Takeover Panel gives the cold shoulder
Takeover Panel gives the cold shoulder
In a very rare decision, the Takeover Panel has published a statement on its website requiring all firms and advisers regulated by the Financial Conduct Authority to "cold-shoulder" two individuals for systematically making dishonest and false representations to the Panel during its investigations into potential breaches of The City Code on Takeovers and Mergers (the Code). Cold-shouldering is the most severe form of sanction available to the Panel and this is only the third time in its history that it has exercised this power. The effect of a cold-shoulder order is that no entity or professional adviser regulated by the Financial Conduct Authority may act for the individuals concerned on any transactions that are governed by the Code.
Background to the decision
Rule 9 of the Code requires a mandatory offer (Rule 9 Offer) to be made to the holders of shares carrying voting rights in a company which is subject to the Code (unless the Panel consents otherwise) by any person who acquires an interest in shares which, together with interests held by persons acting in concert with him, carry 30% or more of the voting rights of the company.
Mr Bob Morton and his close family (through a series of controlled companies) owned 28.32% of Hubco Investments PLC (Hubco) upon its admission to ISDX. A further 3.38% of Hubco was acquired by Groundlinks Limited, a company controlled by Mr Morton's family. The effect of this acquisition was that the aggregate interest held by Mr Morton's family in Hubco stood at 31.6%, thereby passing through the 30% threshold and requiring Mr Morton to make a Rule 9 Offer for the remaining shares in Hubco.
Mr Morton's broker identified and informed Mr Morton that the obligation to make a Rule 9 Offer had been triggered and advised him to consult the Panel. Mr Morton then informed his broker that Groundlinks had in fact purchased the 3.38% holding for a third party's benefit. The third party was a friend of Mr Morton's son, Mr John Garner. It later transpired that the agreement to document the arrangement between Mr Morton and Mr Garner was entered into after the acquisition of Hubco shares had been made and that the agreement had been back-dated.
Investigation and Panel ruling
The Executive of the Takeover Panel launched an investigation into the conduct of Mr Morton and Mr Garner.

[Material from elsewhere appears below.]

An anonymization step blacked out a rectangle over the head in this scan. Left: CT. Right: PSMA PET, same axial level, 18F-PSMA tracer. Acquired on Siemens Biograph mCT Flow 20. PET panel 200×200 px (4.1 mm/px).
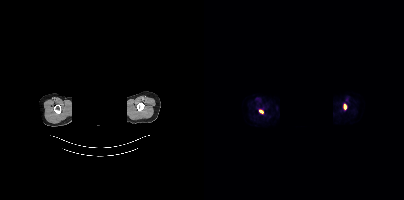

The Panel expects any person dealing with it to do so in an open and co-operative way. It also expects prompt co-operation and assistance from persons dealing with it and those to whom enquiries and other requests are directed. In dealing with the Panel, a person must disclose to the Panel any information known to them and relevant to the matter being considered by the Panel (and correct or update that information if it changes). A person dealing with the Panel or to whom enquiries or requests are directed must take all reasonable care not to provide incorrect, incomplete or misleading information to the Panel.
The Executive found that Mr Morton and Mr Garner had systematically provided information to it which they knew to be false and that they intended to deceive the Executive into believing that the purchase of shares in Hubco had been made for Mr Garner pursuant to a prior agreement between Mr Morton and Mr Garner. In reality, the two individuals had invented the agreement in order to avert the perceived risk that the purchase had had the effect of triggering the requirement to make a Rule 9 Offer for Hubco.
The Executive found that the attempted deception in the course of its investigation was so serious and so prolonged as to merit the "cold-shouldering" of Mr Morton and Mr Garner for periods of six and four years, respectively.
Rather ironically, it transpired that the aggregate interest of Mr Moron's family in Hubco was actually in excess of 50% of Hubco's share capital at the time that Groundlinks acquired the 3.38% holding in Hubco, meaning that the acquisition did not trigger the need to make a mandatory Rule 9 Offer as Mr Morton's family already had effective control at that point. However, the conduct of Mr Morton and Mr Garner during the course of the Executive's investigations into their potential breaches of the Code meant that the Panel could only conclude that they were persons that were not likely to comply with the provisions of the Code and it therefore issued the cold-shouldering decision.